4. Industri Ban Nasional Hadapi Krisis Bahan Baku
Indonesia memiliki sekitar 14 pabrik ban yang sangat bergantung pada pasokan karet remah (SIR) dari dalam negeri. Apabila bahan baku ini semakin sulit didapat akibat konversi lahan, maka industri ban terpaksa mengandalkan impor. Hal ini akan menimbulkan lonjakan biaya produksi, meningkatkan ketergantungan pada negara lain, dan menurunkan daya saing produk ban nasional.
“Dalam jangka panjang, tekanan ini bisa menghambat pertumbuhan industri otomotif nasional dan melemahkan kontribusi sektor manufaktur berbasis karet terhadap ekonomi Indonesia,” paparnya.
5. Indonesia Kehilangan Posisi Strategis Global
Sebagai negara eksportir karet alam terbesar kedua di dunia setelah Thailand, Indonesia memiliki posisi strategis dalam menentukan arah pasar global. Indonesia juga merupakan anggota aktif dari International Tripartite Rubber Council (ITRC), bersama Thailand dan Malaysia.
Forum ini berperan penting dalam menstabilkan harga karet dan mengatur keseimbangan pasokan. Namun, bila produksi dalam negeri terus menurun akibat konversi, Indonesia tidak lagi dapat mempertahankan peran tersebut.
Gapkindo, kata Edy, menilai perubahan status dari produsen menjadi pengimpor karet akan melemahkan posisi tawar Indonesia di pasar internasional serta mengurangi pengaruh dalam kebijakan perdagangan global.
6. Kerusakan Rantai Pasok dan Hilangnya Efek Ganda Ekonomi
Rantai pasok karet di Sumatera Utara mencakup lebih dari 170 ribu petani, puluhan pabrik, dan berbagai industri hilir seperti ban, sarung tangan medis, alat kesehatan, dock fender, alas kaki, dan barang jadi karet lainnya. Jika konversi lahan menyebabkan pasokan bahan baku terganggu, maka seluruh rantai pasok ini akan rusak.
Efek ganda dari aktivitas ekonomi seperti penciptaan lapangan kerja, peningkatan ekspor, dan kontribusi terhadap pendapatan daerah juga akan ikut hilang. Ini bukan sekadar gangguan sektor primer, tetapi gangguan menyeluruh terhadap ekosistem industri nasional yang berbasis pada komoditas karet.
Kesimpulan
Maka, Gapkindo memberikan kesimpulan bawah karet bukan sekadar tanaman perkebunan, melainkan komoditas strategis nasional yang telah membentuk sistem ekonomi, sosial, dan industri selama lebih dari satu abad.
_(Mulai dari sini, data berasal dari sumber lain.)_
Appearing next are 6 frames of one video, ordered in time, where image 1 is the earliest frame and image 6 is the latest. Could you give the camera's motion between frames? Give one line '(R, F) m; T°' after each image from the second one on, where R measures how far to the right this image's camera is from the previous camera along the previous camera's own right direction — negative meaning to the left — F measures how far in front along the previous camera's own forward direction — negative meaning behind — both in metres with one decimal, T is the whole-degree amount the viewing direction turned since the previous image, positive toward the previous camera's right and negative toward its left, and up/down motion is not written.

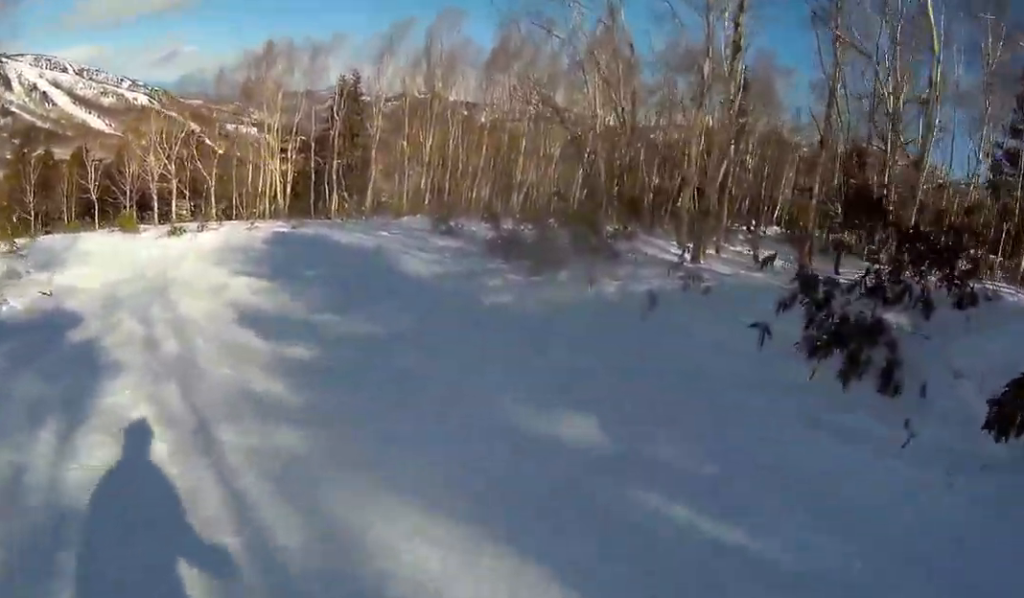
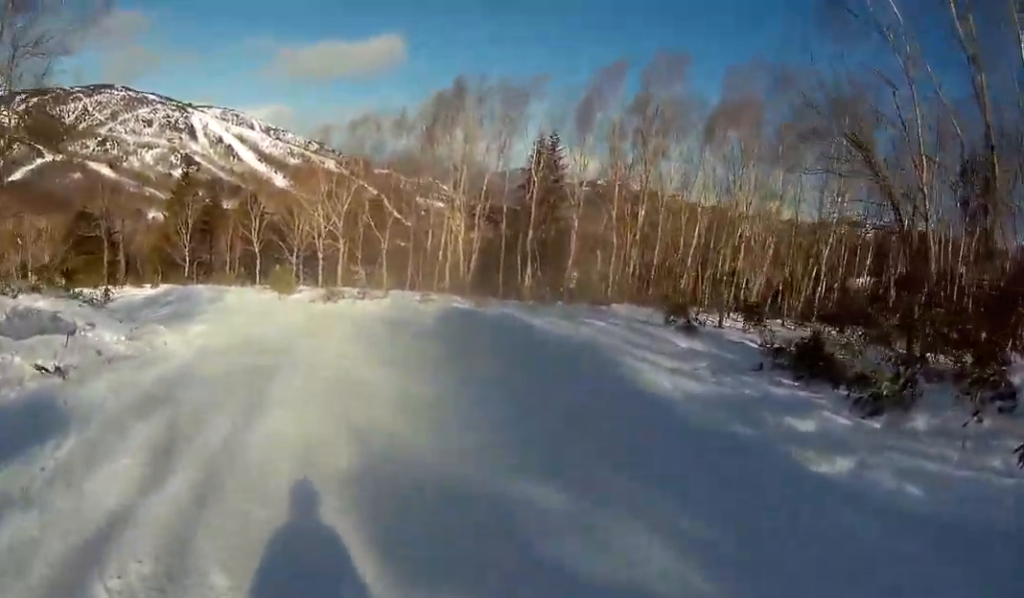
(-1.5, +8.3) m; -7°
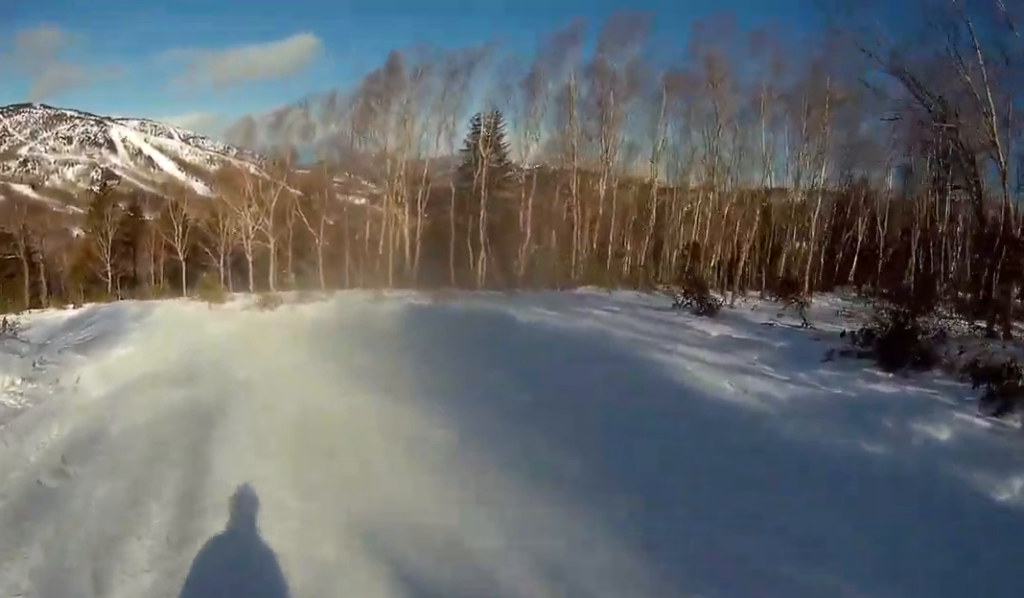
(+0.2, +3.7) m; +3°
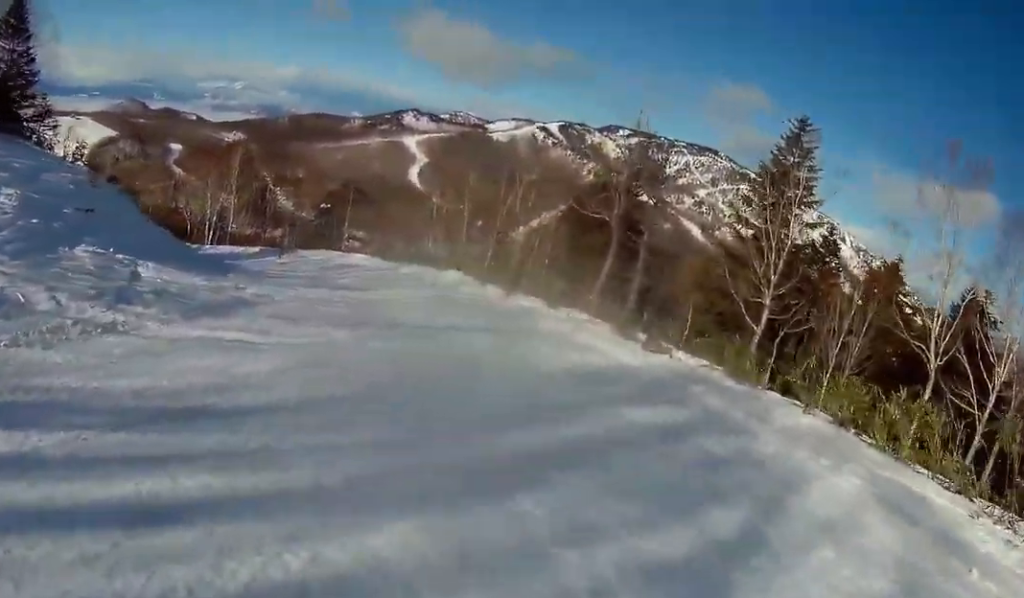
(-4.2, +34.9) m; -36°
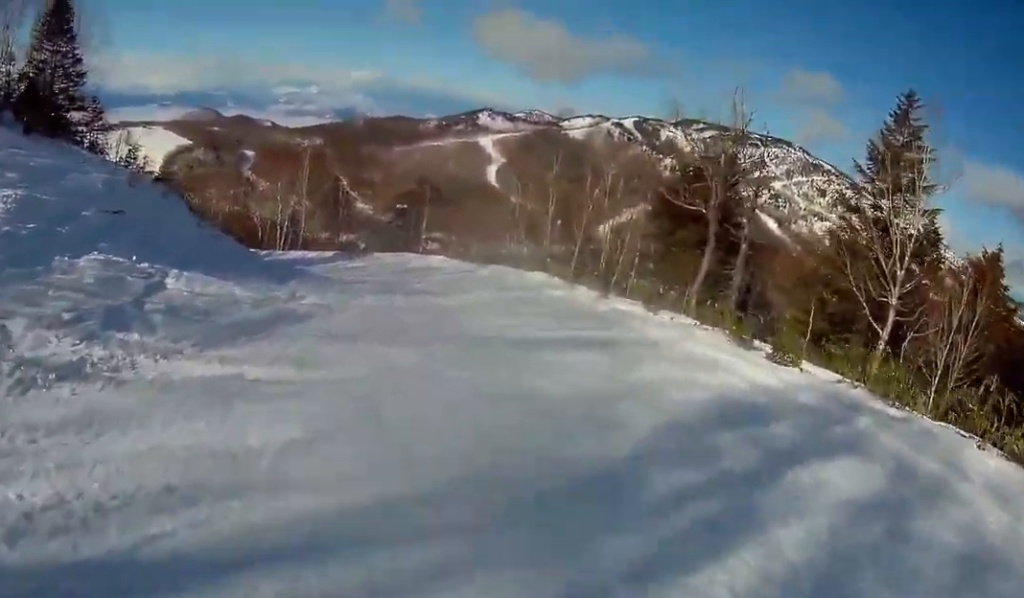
(-0.6, +3.0) m; -5°
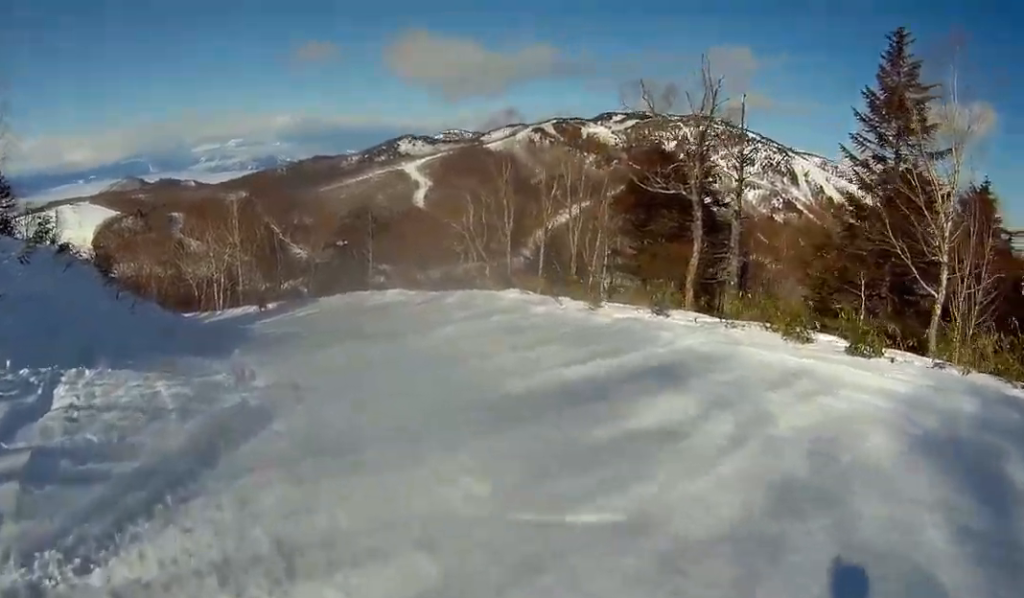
(-0.5, +4.4) m; -5°

Rencana konversi besar-besaran lahan karet menjadi sawit dapat menghancurkan fondasi tersebut, mulai dari hulu petani hingga hilir industri, termasuk posisi Indonesia sebagai pemimpin pasar karet global.
“Jika tidak ditinjau ulang secara menyeluruh, konversi ini berisiko menjadikan Indonesia bukan lagi produsen utama, tetapi pengimpor, serta melemahkan kemandirian industri nasional,” pungkas Edy.